Часть вторая. Стрелы Амура и узы Гименея в архиепископском доме



Луи-Роллан Тренкесс (1745-1800). Приношение Венере

Как и прежде, наши рассказчики:

  • Генриетта-Люси де Ла Тур дю Пен (урожденная Диллон);
  • Адель де Буань (урожденная д’Омон) - она об Отфонтене рассказывала со слов матери;
  • Арман-Луи де Гонто, герцог де Лозен (впоследствии герцог де Бирон).

Адель де Буань:



Тон там был настолько свободный, что моя мать, как она мне потом рассказывала, часто бывала смущена до слез. В первые годы своего замужества она оказывалась мишенью саркастических замечаний и шуток, так что часто бывала очень этим огорчена, но покровительство архиепископа было слишком драгоценно для молодой пары, чтобы не пойти ради него на уступки. Один старый викарий - там попадались и такие среди этой веселой компании - увидев ее однажды очень печальной, сказал ей: «Госпожа маркиза, не огорчайтесь; вы очень хорошенькая, и это уже провинность, но вам ее простят. Но если вы хотите жить здесь спокойно, получше скрывайте вашу любовь к собственному мужу: супружеская любовь - единственная, которую здесь не терпят.»

Тон, конечно, задавал архиепископ Нарбоннский, который и сам, по выражению Адели де Буань, «вел жизнь гораздо более развлекательную, чем пастырскую», и от других требовал разве что внешнего соблюдения приличий.



Архиепископ Нарбоннский Артур-Ришар Диллон (1721-1806). Художник неизвестен, но портрет прижизненный.

Он практически открыто жил со своей овдовевшей племянницей Люси де Рот, бабкой Генриетты-Люси. А мать Адели красавица Элеонора (в их семье, должно быть, все были хороши собой - один из старших братьев Элеоноры носил прозвище « красавчик Диллон»), судя по всему, действительно вышла замуж по большой любви - на ней, бесприданнице с не слишком достоверной родословной, женился настоящий маркиз, пусть и не очень богатый, но молодой и симпатичный. Его родственники были, мягко выражаясь, не слишком рады этому браку, и поддержка архиепископа Нарбоннского сыграла большую роль. И Элеонора, и маркиз д’Омон были благодарны архиепископу и госпоже де Рот и поддерживали с ними отношения, которые с поправкой на тогдашние нравы и характеры всех этих людей можно даже назвать «теплыми». Во всяком случае, именно маркиз д’Омон в 1804 году в эмиграции в Англии был рядом с госпожой де Рот в последний день ее жизни, и к нему в дом поехал осиротевший архиепископ после ее похорон.

Адель де Буань:

Архиепископ любил госпожу де Рот; она была ему необходима, он потерял то, к чему привык за пятьдесят лет; он искренне о ней сожалел. День похорон он провел у нас. Придя, он был очень подавлен; однако затем он пришел в себя и позавтракал с большим аппетитом. После завтрака он нашел томик Вольтера, валявшийся на столе, и стал говорить о своих отношениях с ним, об их размолвках и примирениях, потом о его произведениях, о тех, которые произвели наибольший эффект при своем появлении. Короче, он нам зачитал наизусть целую песнь из «Орлеанской девственницы» - поэмы, которой он украсил свою епископскую память.
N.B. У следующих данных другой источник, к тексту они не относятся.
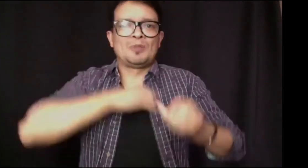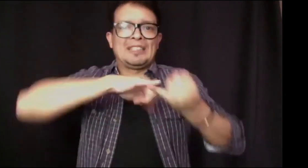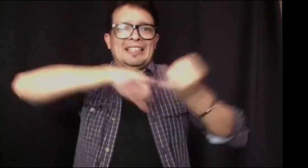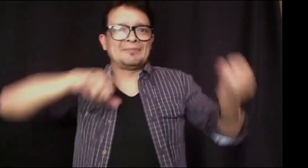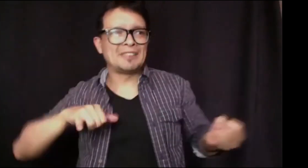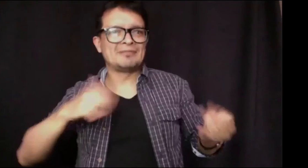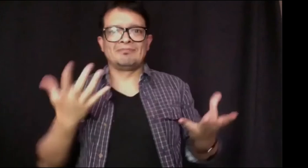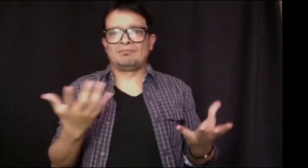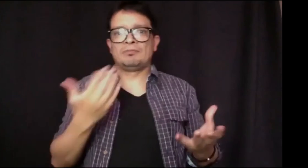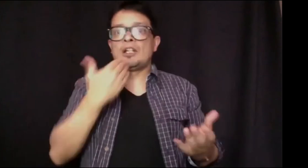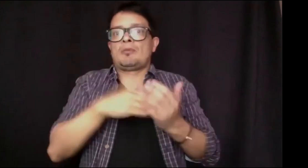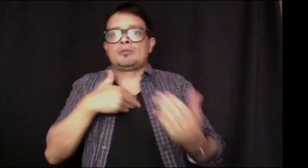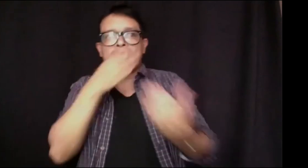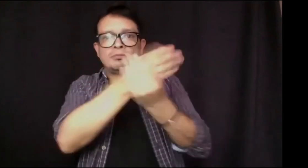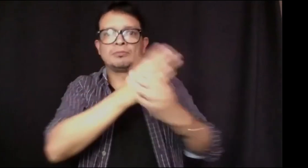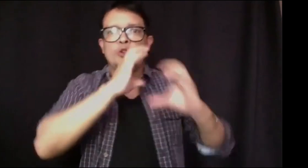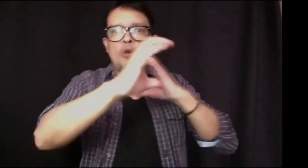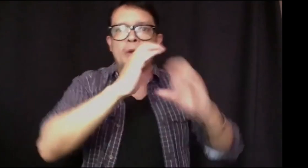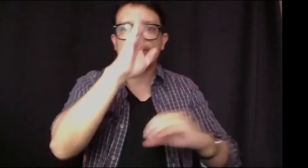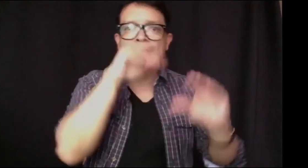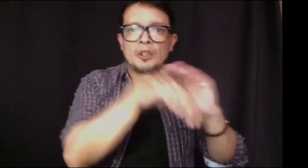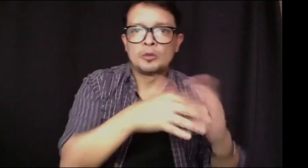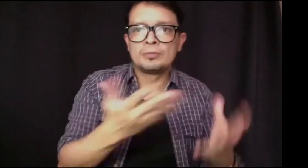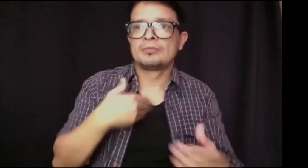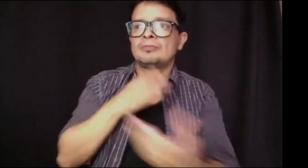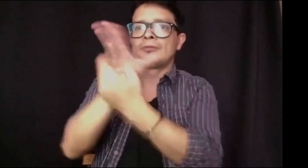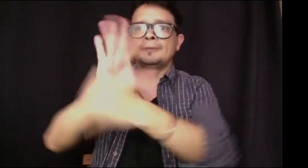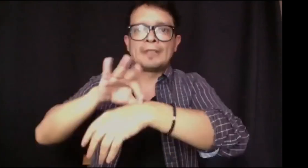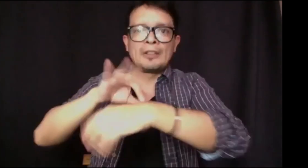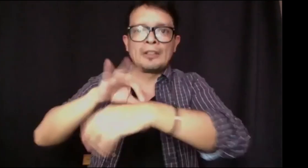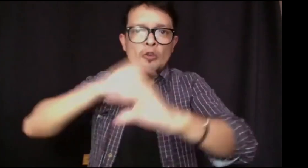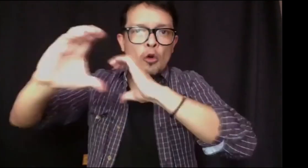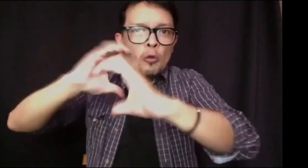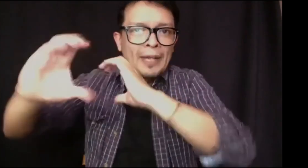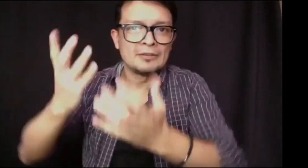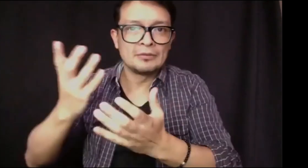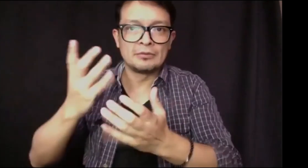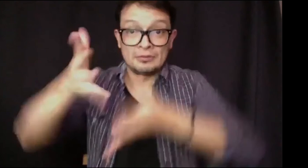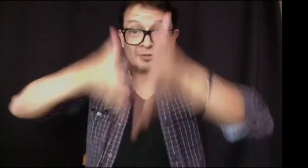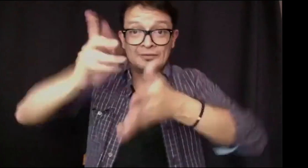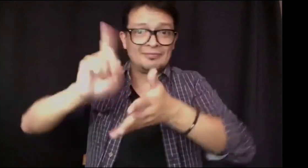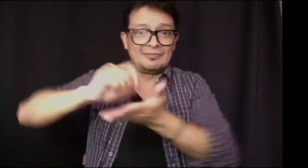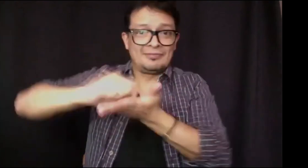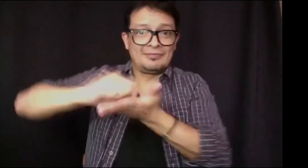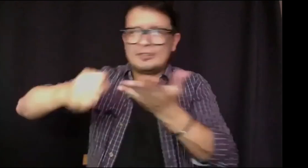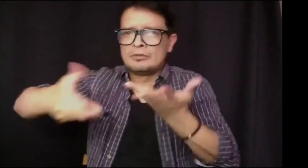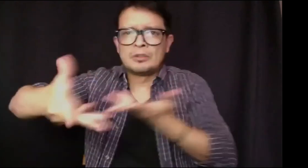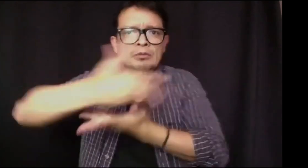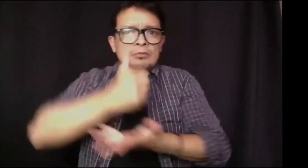En el proceso de trabajo empecé a sentir la necesidad de independizarme, de tener mis ahorros, de, bueno,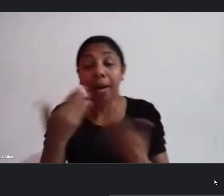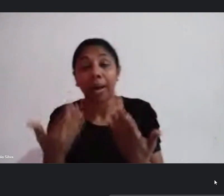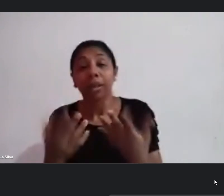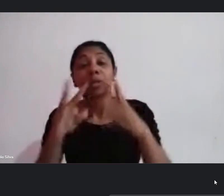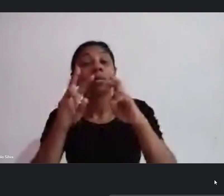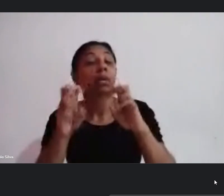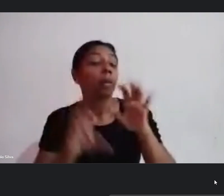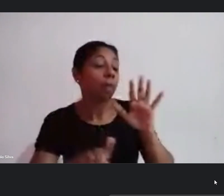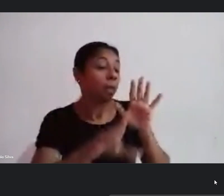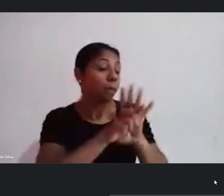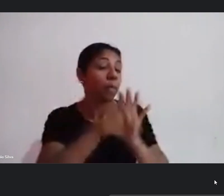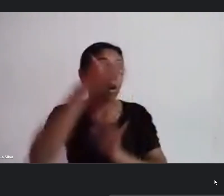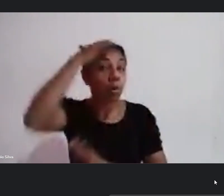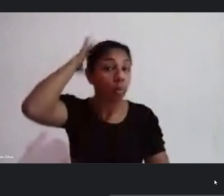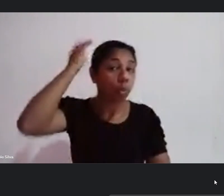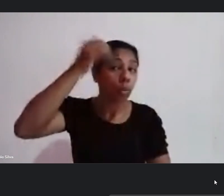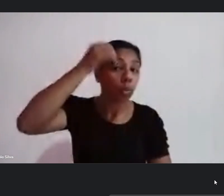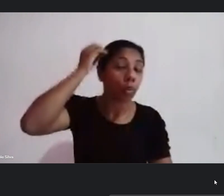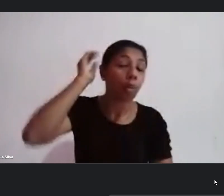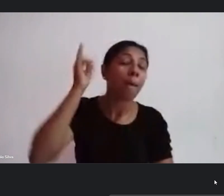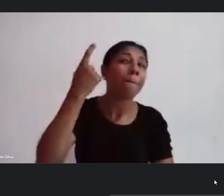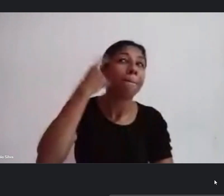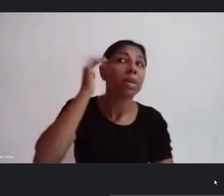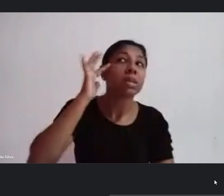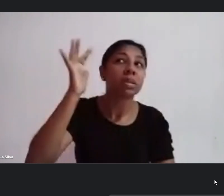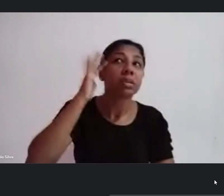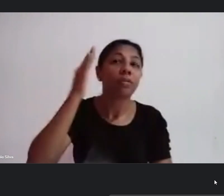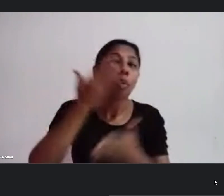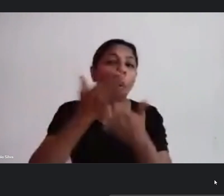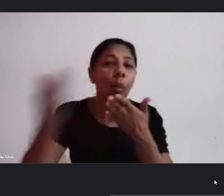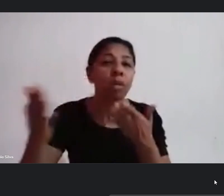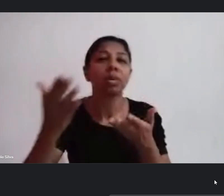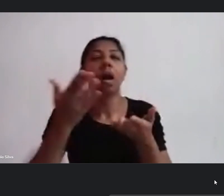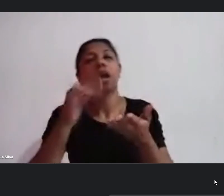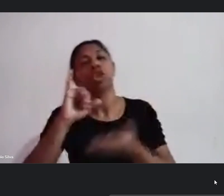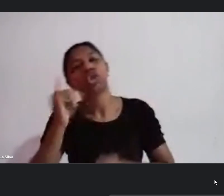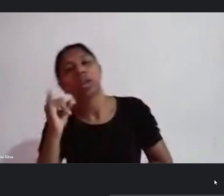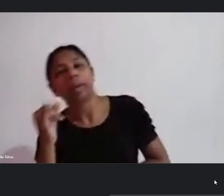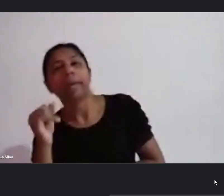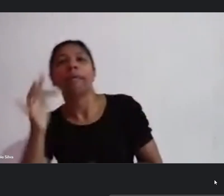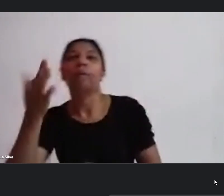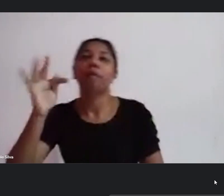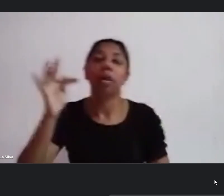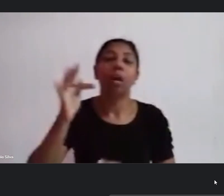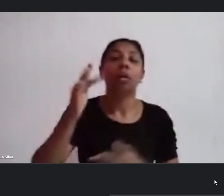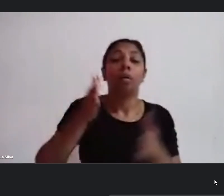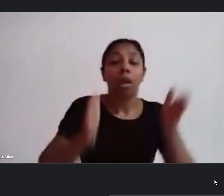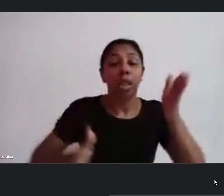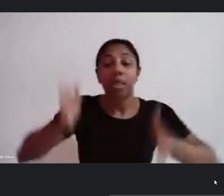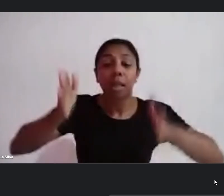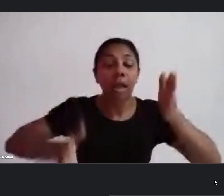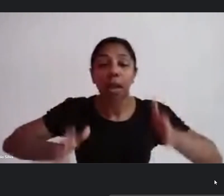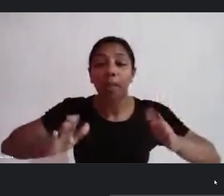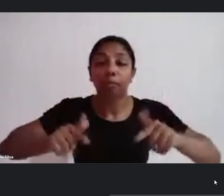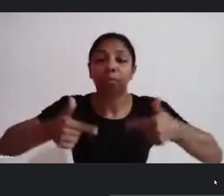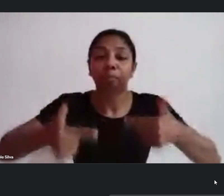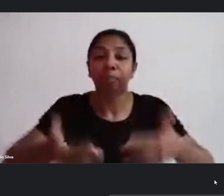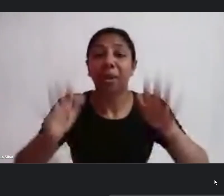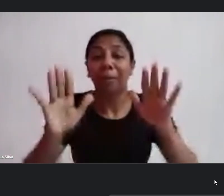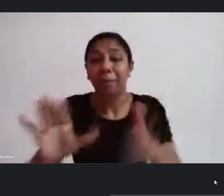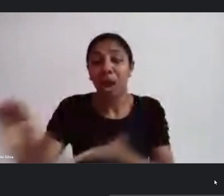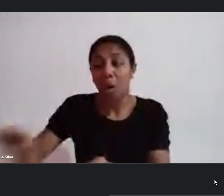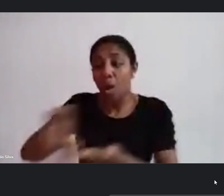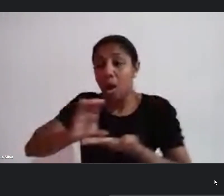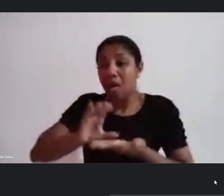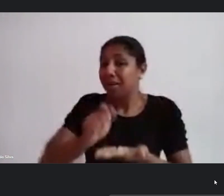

Но пока на дворе 1770-е годы, и все еще беспечно веселятся.

Адель де Буань:

В Отфонтене, из уважения к достоинству хозяина замка, по воскресеньям ходили к мессе. Молитвенника с собой никто не носил - с собой всегда были томики содержания легкого, а часто и скандального; их оставляли на местах, отведенных для хозяев замка, где их находили служители, приходившие натирать полы и скамьи, и могли просвещаться ими в свое удовольствие.



Церковь в Отфонтене была перестроена в XVI веке, тогда появилась эта ажурная колокольня. Но внутри сохраняются фрагменты более ранней постройки. Фото Woimant-Malloizel



Вот тут вот они и сидели со своими книжками легкомысленного содержания.



Но и на самой церкви можно увидеть изображения не слишком серьезные.

Родители Генриетты-Люси, обвенчанные сразу по достижении совершеннолетия по воле старших родственников, у которых был в этом свой небескорыстный интерес, никакой привязанности друг к другу, видимо, не испытывали, хотя и не враждовали, как это бывало в других семьях. Личная жизнь у каждого была своя, и оба, как воспитанные люди, старались друг другу не мешать.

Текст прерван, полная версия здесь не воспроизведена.